A quality clinical trial database is an essential part of any clinical trial. It helps to address challenges such as inaccurate data, lack of quality data, and managing the trial timeline. A well-built database also helps improve collaboration between stakeholders involved in a clinical trial.
Building a clinical trial database can be challenging for any contract research organization (CRO) or academic institution. It requires medical and legal terminology knowledge and familiarity with the different data types commonly collected in these studies. All essential elements must be considered when developing a clinical trial database to guarantee accuracy and completeness.
Here are some of the essential elements to consider when building a quality clinical trial database:
1. Standardization Of Data
Data standardization is one of the biggest challenges facing clinical trial database build. This can make it difficult for researchers to interpret collected information accurately. Thankfully, the Clinical Data Interchange Standards Consortium (CDISC) has developed specific standards for submitting clinical trial data. These standards guarantee that the data collected is consistent and interpretable by everyone on the research team.
One of the biggest standards developed by the CDISC is the Standard of Data Tabulation Model (SDTM), which provides a structure for collecting and organizing data.
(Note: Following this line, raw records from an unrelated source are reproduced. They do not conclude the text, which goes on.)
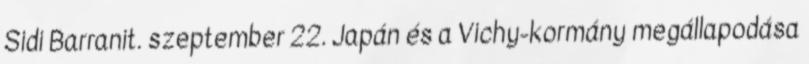
Sidi Barranit. szeptember 22. Japán és a Vichy-kormány megállapodása
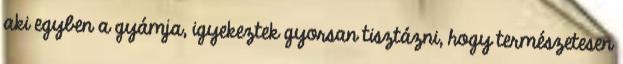
aki egyben a gyámja, igyekeztek gyorsan tisztázni, hogy természetesen
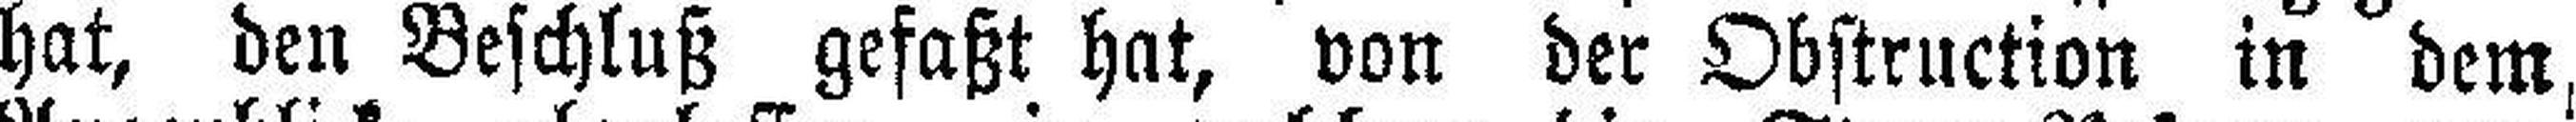
hat, den Beschluß gefaßt hat, von der Obstruction in dem,
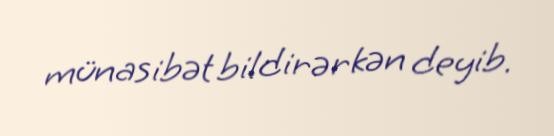
münasibət bildirərkən deyib.
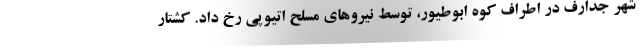
شهر جدارف در اطراف کوه ابوطیور، توسط نیروهای مسلح اتیوپی رخ داد. کشتار
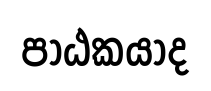
පාඨකයාද
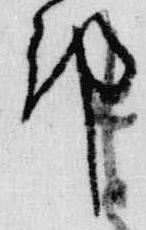
邦
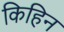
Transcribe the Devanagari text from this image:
किहिन
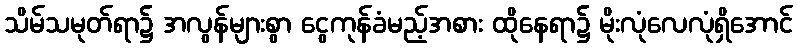
သိမ်သမုတ်ရာ၌ အလွန်များစွာ ငွေကုန်ခံမည့်အစား ထိုနေရာ၌ မိုးလုံလေလုံရှိအောင်
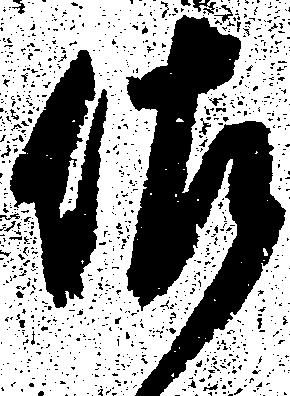
佐
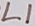
Text: L1
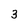
Character: 3
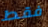
فقط
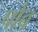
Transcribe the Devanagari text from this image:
पोव
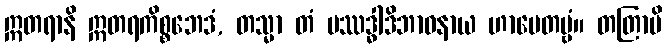
ဣတရာနိ ဣတရကိစ္စဘေဒံ, တသ္မာ တံ ပဿဒ္ဓါဒိဘာဝနာယ ဟာပေတဗ္ဗံ။ တတြာပိ
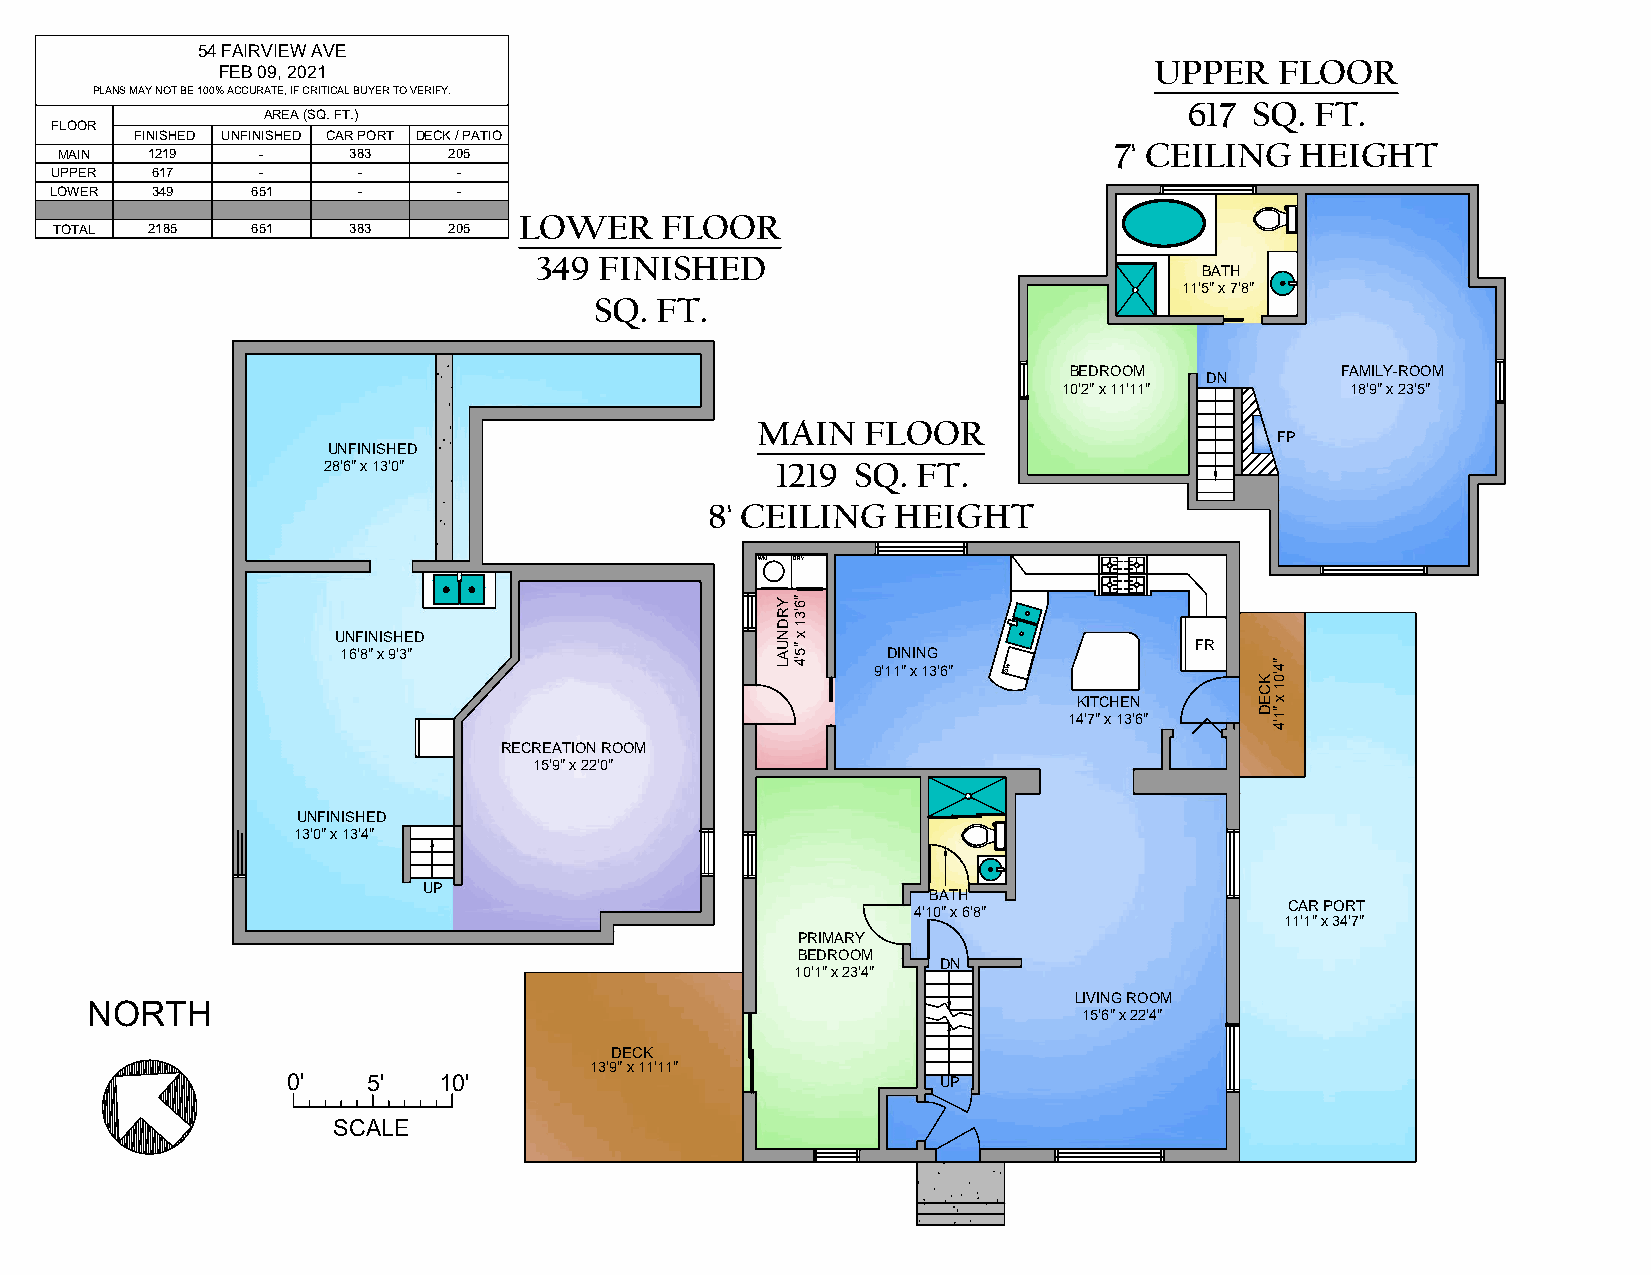
54 FAIRVIEW AVE
 UPPER    FLOOR
 FEB 09, 2021
 PLANS MAY NOT BE 100 ACCURATE, IF CRITICAL BUYER TO VERIFY.
 617 SQ. FT.
 AREA (SQ. FT.)
 FLOOR
 FINISHED UNFINISHED CAR PORT DECK PATIO
 7' CEILING  HEIGHT
 MAIN  1219   -     383    205
 UPPER  617    -      -     -
 LOWER  349    651    -     -
 LOWER     FLOOR
 TOTAL 2185   651   383    205
 349  FINISHED
 BATH
 11'5" x 7'8"
 SQ. FT.
 BEDROOM           FAMILY-ROOM
 DN
 10'2" x 11'11"     18'9" x 23'5"
 MAIN   FLOOR
 FP
 UNFINISHED
 28'6" x 13'0"                 1219  SQ. FT.
 8' CEILING  HEIGHT
 WM DRY
 UNFINISHED
 FR 16'8" x 9'3" DINING
 9'11" x 13'6" DW
 KITCHEN
 14'7" x 13'6"
 RECREATION ROOM
 15'9" x 22'0"
 UNFINISHED
 13'0" x 13'4"
 UP
 BATH
 CAR PORT
 4'10" x 6'8"
 11'1" x 34'7"
 PRIMARY
 BEDROOM
 DN
 10'1" x 23'4"
 LIVING ROOM
 NORTH
 15'6" x 22'4"
 DECK
 13'9" x 11'11"
 00'' 55'' 1100''                           UP
 SCALE
 YRDNUAL "6'31
 x
 "5'4
 KCED
 "4'01
 x
 "1'4
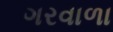
ગરવાળા
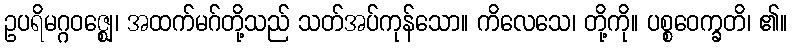
ဥပရိမဂ္ဂဝဇ္ဈေ၊ အထက်မဂ်တို့သည် သတ်အပ်ကုန်သော။ ကိလေသေ၊ တို့ကို။ ပစ္စဝေက္ခတိ၊ ၏။
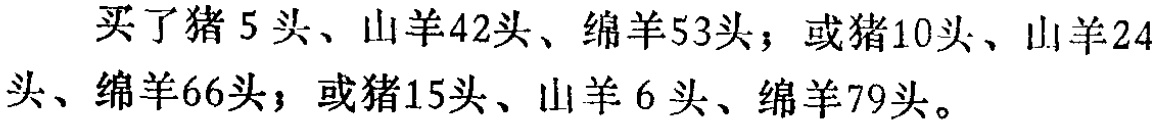
买了猪 5 头、山羊42头、绵羊53头；或猪10头、山羊24头、绵羊66头；或猪15头、山羊 6 头、绵羊79头。
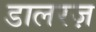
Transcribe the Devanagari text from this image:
डालरज़
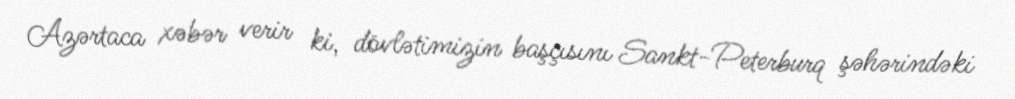
Azərtaca xəbər verir ki, dövlətimizin başçısını Sankt-Peterburq şəhərindəki
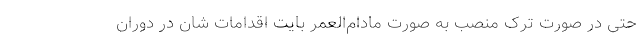
حتی در صورت ترک منصب به صورت مادام‌العمر بایت اقدامات شان در دوران
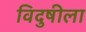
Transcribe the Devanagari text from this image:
विदुषीला
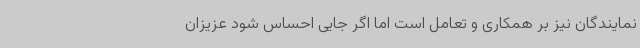
نمایندگان نیز بر همکاری و تعامل است اما اگر جایی احساس شود عزیزان
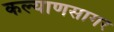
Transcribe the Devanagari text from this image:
कल्याणसागर

Under SDTM, controlled terminologies are used as code lists and values for data items in SDTM and outside the CDISC National Cancer Institute (NCI) projects. Understanding controlled medical terminology is essential to ensure the accuracy and completeness of the data collected.
Some of the areas where the controlled terminologies apply include the following:
• Custom Domains: A custom domain is data that doesn’t fit in any SDTM domains but is still vital to the study. Researchers can create custom domains to represent specific data types that must be collected.
• New Terms: Any new terms collected but not included in the existing code list. These new terms should be submitted to the CDISC for review and consideration.
Controlled terminologies tell you how to submit any data you’ve collected to ensure consistency and accuracy.
2. Plan For Protocol Amendments
Protocol amendments are a significant block in the clinical trial process. Protocol amendments can occur at any stage in the clinical trial and must be accounted for in the database build.
It’s essential to plan when handling protocol amendments as they can drastically alter the data collected and require additional changes to the coding of collected information. For example, if a new drug is added to the study, you must update the data models and code lists to reflect the new medication. Ensuring protocol amendments are adequately tracked and documented is critical when building a quality clinical trial database.
Some of the standard protocol amendments include the following:
• New safety information
• Revisions based on FDA comments after the initial submission.
• Modifications based on patients’ demographics and eligibility criteria.
Once you understand when a protocol amendment is likely to occur, updating the database and code list is essential to ensure accuracy.
3. Data Collection Automation
Another essential element of any quality clinical trial database build is data collection automation. This involves developing automated processes for collecting data from different sources, such as patient surveys, laboratory tests, and imaging scans. Automating the data collection process ensures that all data points are consistently collected and accurately represented in the database.
Automating data collection also reduces the workload on clinical trial staff as they won’t have to enter information into the system manually. Additionally, it reduces the cases of errors as every piece of information captured can be directly fed into the database.
Data collection automation can be achieved through clinical data management systems or specialized software tools. Such systems are designed to capture, clean, and standardize data from different sources with minimal effort for clinical trial staff.
4. Invest In Staff Training
While automation is a great way to take the workload from your clinical trial staff, investing in staff training is equally important. Ensuring your team members are fully trained in data-collection techniques and database-building processes is essential. This will help them identify issues before they become major problems with the database build or during the clinical trial process.
Proper staff training can help reduce errors associated with data management in clinical trials. Additionally, it can help teams become more efficient and productive during clinical trials. Thankfully, the Society for Clinical Data Management (SCDM) offers opportunities to connect with other professionals and have tools to learn best practices for data management.
Conclusion
Building a quality clinical trial database requires several steps, including adhering to controlled terminologies, planning protocol amendments, and investing in staff training. Once you know what you need to do, you can start to take steps to build a quality clinical trial database. Ultimately, building a quality clinical trial database is essential for conducting successful clinical trials and ensuring the accuracy of results.